Given that single blockade with angiotensin-converting enzyme inhibitors (ACEIs) or angiotensin receptor blockers (ARBs) can achieve only partial and undurable suppression of the Renin Angiotensin System (RAS), it has been hypothesized that dual blockage would be more beneficial in the management of blood pressure (BP) reduction and prevention of progressive chronic kidney disease (CKD) than either agent alone. Thus, it has been suggested that the combination of an ACEI and an ARB might provide renal benefits to hypertensive patients over and above BP reduction. However, this might also expose patients to additive or synergistic side effects. We attempted to conduct a systematic review to evaluate the benefits and harms of combination therapy in hypertensive patients with or without kidney diseases. MEDLINE and KoreaMed were searched for relevant randomized clinical trials in adult hypertensive patients with or without diabetes (restricted to 1997, limited to trials published in English).
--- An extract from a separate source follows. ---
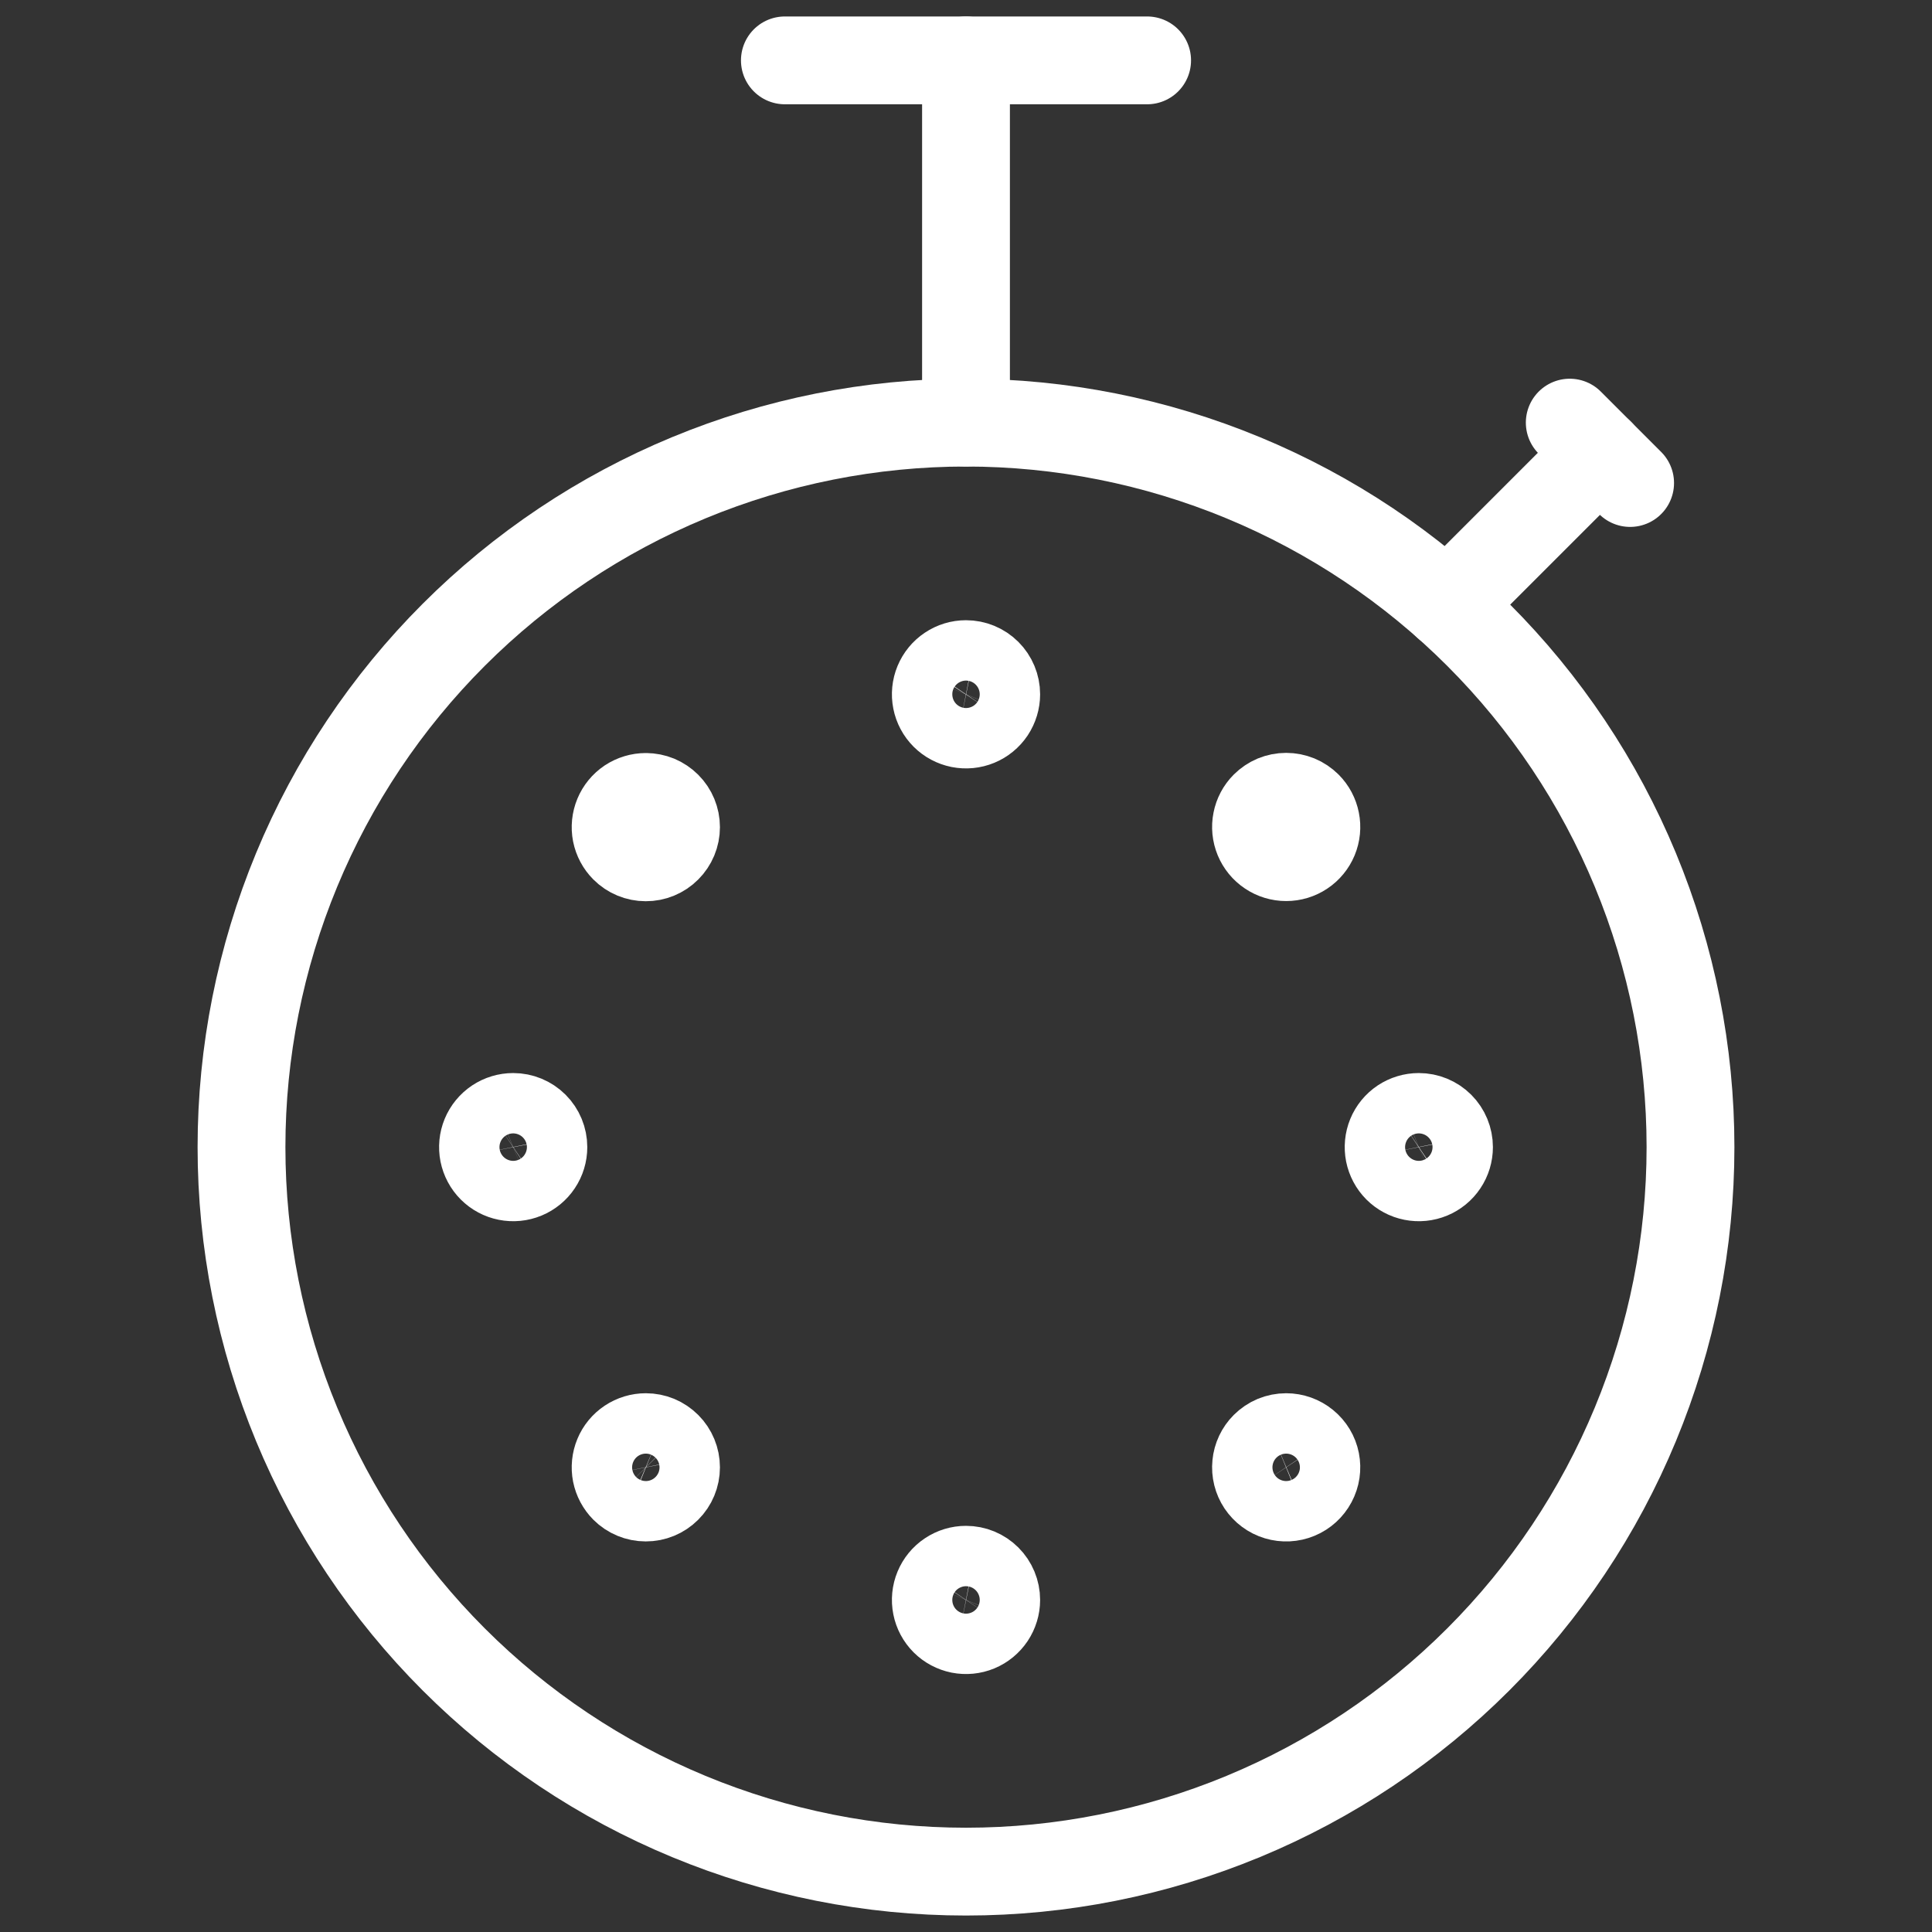 <?xml version="1.0" encoding="UTF-8"?> <svg xmlns="http://www.w3.org/2000/svg" width="44" height="44" viewBox="0 0 44 44" fill="none"><rect x="0" y="0" width="44" height="44" fill="#333333" stroke="none"/><path d="M32.96 13.79L36.438 10.312" stroke="white" stroke-width="2" stroke-linecap="round" stroke-linejoin="round"></path><path d="M35.75 9.625L37.125 11" stroke="white" stroke-width="2" stroke-linecap="round" stroke-linejoin="round"></path><path d="M22 9.625V1.375" stroke="white" stroke-width="2" stroke-linecap="round" stroke-linejoin="round"></path><path d="M26.125 1.375H17.875" stroke="white" stroke-width="2" stroke-linecap="round" stroke-linejoin="round"></path><path d="M5.5 26.125C5.5 28.292 5.927 30.437 6.756 32.439C7.585 34.441 8.801 36.26 10.333 37.792C11.865 39.324 13.684 40.54 15.686 41.369C17.688 42.198 19.833 42.625 22 42.625C24.167 42.625 26.312 42.198 28.314 41.369C30.316 40.54 32.135 39.324 33.667 37.792C35.199 36.26 36.415 34.441 37.244 32.439C38.073 30.437 38.5 28.292 38.5 26.125C38.5 23.958 38.073 21.813 37.244 19.811C36.415 17.809 35.199 15.99 33.667 14.458C32.135 12.926 30.316 11.71 28.314 10.881C26.312 10.052 24.167 9.625 22 9.625C19.833 9.625 17.688 10.052 15.686 10.881C13.684 11.71 11.865 12.926 10.333 14.458C8.801 15.99 7.585 17.809 6.756 19.811C5.927 21.813 5.5 23.958 5.5 26.125V26.125Z" stroke="white" stroke-width="2" stroke-linecap="round" stroke-linejoin="round"></path><path d="M22 15.125C21.864 15.125 21.731 15.165 21.618 15.241C21.505 15.316 21.417 15.424 21.365 15.549C21.313 15.675 21.299 15.813 21.326 15.947C21.352 16.08 21.418 16.203 21.514 16.299C21.61 16.395 21.733 16.46 21.866 16.487C21.999 16.513 22.137 16.5 22.263 16.448C22.389 16.396 22.496 16.308 22.572 16.195C22.647 16.081 22.688 15.948 22.688 15.812C22.688 15.63 22.615 15.455 22.486 15.326C22.357 15.197 22.182 15.125 22 15.125Z" stroke="white" stroke-width="2" stroke-linecap="round" stroke-linejoin="round"></path><path d="M22 35.75C21.864 35.75 21.731 35.79 21.618 35.866C21.505 35.941 21.417 36.049 21.365 36.174C21.313 36.3 21.299 36.438 21.326 36.572C21.352 36.705 21.418 36.828 21.514 36.924C21.61 37.02 21.733 37.085 21.866 37.112C21.999 37.138 22.137 37.125 22.263 37.073C22.389 37.021 22.496 36.932 22.572 36.819C22.647 36.706 22.688 36.574 22.688 36.438C22.688 36.255 22.615 36.08 22.486 35.951C22.357 35.822 22.182 35.75 22 35.75Z" stroke="white" stroke-width="2" stroke-linecap="round" stroke-linejoin="round"></path><path d="M11.688 25.438C11.552 25.438 11.419 25.478 11.306 25.553C11.193 25.629 11.104 25.736 11.052 25.862C11 25.988 10.987 26.126 11.013 26.259C11.04 26.392 11.105 26.515 11.201 26.611C11.297 26.707 11.42 26.773 11.553 26.799C11.687 26.826 11.825 26.812 11.951 26.76C12.076 26.708 12.184 26.62 12.259 26.507C12.335 26.394 12.375 26.261 12.375 26.125C12.375 25.943 12.303 25.768 12.174 25.639C12.045 25.51 11.87 25.438 11.688 25.438Z" stroke="white" stroke-width="2" stroke-linecap="round" stroke-linejoin="round"></path><path d="M32.312 25.438C32.176 25.438 32.044 25.478 31.93 25.553C31.817 25.629 31.729 25.736 31.677 25.862C31.625 25.988 31.612 26.126 31.638 26.259C31.665 26.392 31.73 26.515 31.826 26.611C31.922 26.707 32.045 26.773 32.178 26.799C32.312 26.826 32.45 26.812 32.576 26.76C32.701 26.708 32.809 26.62 32.884 26.507C32.96 26.394 33 26.261 33 26.125C33 25.943 32.928 25.768 32.799 25.639C32.67 25.51 32.495 25.438 32.312 25.438Z" stroke="white" stroke-width="2" stroke-linecap="round" stroke-linejoin="round"></path><path d="M14.709 18.15C14.573 18.15 14.44 18.19 14.326 18.265C14.213 18.341 14.125 18.448 14.073 18.574C14.021 18.699 14.007 18.838 14.033 18.971C14.06 19.105 14.125 19.227 14.221 19.323C14.35 19.453 14.525 19.525 14.707 19.525C14.89 19.526 15.065 19.453 15.194 19.324C15.323 19.195 15.396 19.021 15.396 18.838C15.396 18.656 15.324 18.481 15.195 18.352C15.131 18.288 15.055 18.237 14.972 18.202C14.889 18.168 14.799 18.15 14.709 18.15V18.15" stroke="white" stroke-width="2" stroke-linecap="round" stroke-linejoin="round"></path><path d="M29.291 32.73C29.201 32.73 29.111 32.748 29.028 32.782C28.945 32.817 28.869 32.868 28.805 32.932C28.693 33.044 28.623 33.193 28.608 33.351C28.592 33.509 28.632 33.668 28.72 33.8C28.809 33.932 28.94 34.03 29.093 34.076C29.245 34.122 29.408 34.114 29.555 34.053C29.702 33.992 29.823 33.882 29.898 33.741C29.973 33.601 29.997 33.439 29.966 33.283C29.935 33.127 29.851 32.987 29.727 32.886C29.604 32.785 29.45 32.73 29.291 32.73V32.73Z" stroke="white" stroke-width="2" stroke-linecap="round" stroke-linejoin="round"></path><path d="M14.709 32.73C14.573 32.73 14.44 32.77 14.326 32.846C14.213 32.921 14.125 33.028 14.073 33.154C14.021 33.279 14.007 33.418 14.033 33.551C14.06 33.685 14.125 33.807 14.221 33.904C14.35 34.033 14.525 34.105 14.707 34.105C14.89 34.106 15.065 34.033 15.194 33.904C15.323 33.776 15.396 33.601 15.396 33.418C15.396 33.236 15.324 33.061 15.195 32.932C15.131 32.868 15.055 32.817 14.972 32.782C14.889 32.748 14.799 32.73 14.709 32.73Z" stroke="white" stroke-width="2" stroke-linecap="round" stroke-linejoin="round"></path><path d="M29.779 18.348C29.715 18.284 29.639 18.233 29.555 18.198C29.471 18.164 29.382 18.146 29.291 18.146V18.146C29.201 18.146 29.111 18.164 29.028 18.198C28.945 18.233 28.869 18.284 28.805 18.348C28.709 18.444 28.644 18.567 28.618 18.7C28.591 18.833 28.605 18.971 28.657 19.097C28.709 19.222 28.797 19.33 28.91 19.405C29.023 19.481 29.156 19.521 29.292 19.521C29.428 19.521 29.561 19.481 29.674 19.405C29.787 19.33 29.875 19.222 29.927 19.097C29.979 18.971 29.993 18.833 29.966 18.7C29.94 18.567 29.875 18.444 29.779 18.348" stroke="white" stroke-width="2" stroke-linecap="round" stroke-linejoin="round"></path></svg>

Results were summarized using the random-effects model, and between-studies heterogeneity was estimated with $I^2$. A final analysis of ten trials (23,928 patients) revealed that the combination of an ACEI and an ARB reduced blood pressure (SBP/DBP) by 3.95/2.02 mmHg (95% confidence interval [CI], -4.38 to -3.53/-2.33 to -1.71) compared with ACEI monotherapy, and 2.83/2.64 mmHg (95% CI, -3.25 to -2.41/-4.95 to -0.33) compared with ARB monotherapy. Eight trials (391 patients) demonstrated a significant reduction in 24h-proteinuria (weighted mean difference, 0.16 g/day, 95% CI, -0.26-0.05), but they did not translate into an improvement in GFR. Tests for heterogeneity showed no difference in effect among the studies. The combination therapy reduced proteinuria by 30% (95% CI, 23% to 37%) and 39% (95% CI, 31% to 48%) compared with ACEI monotherapy and ARB monotherapy, respectively. However, in patients who had proteinuria more than 0.5 g/day, the combination therapy failed to show significant reduction in urinary protein excretion. The current cumulative evidence suggests that diabetic patients with proteinuria on dual RAS blockade have an increase risk of adverse events such as hyperkalemia, hypotension, and so on, compared with ACEI or ARB alone. It is, therefore, proposed that the combination therapy should not be routinely used for the treatment of hypertension with or without compelling indications.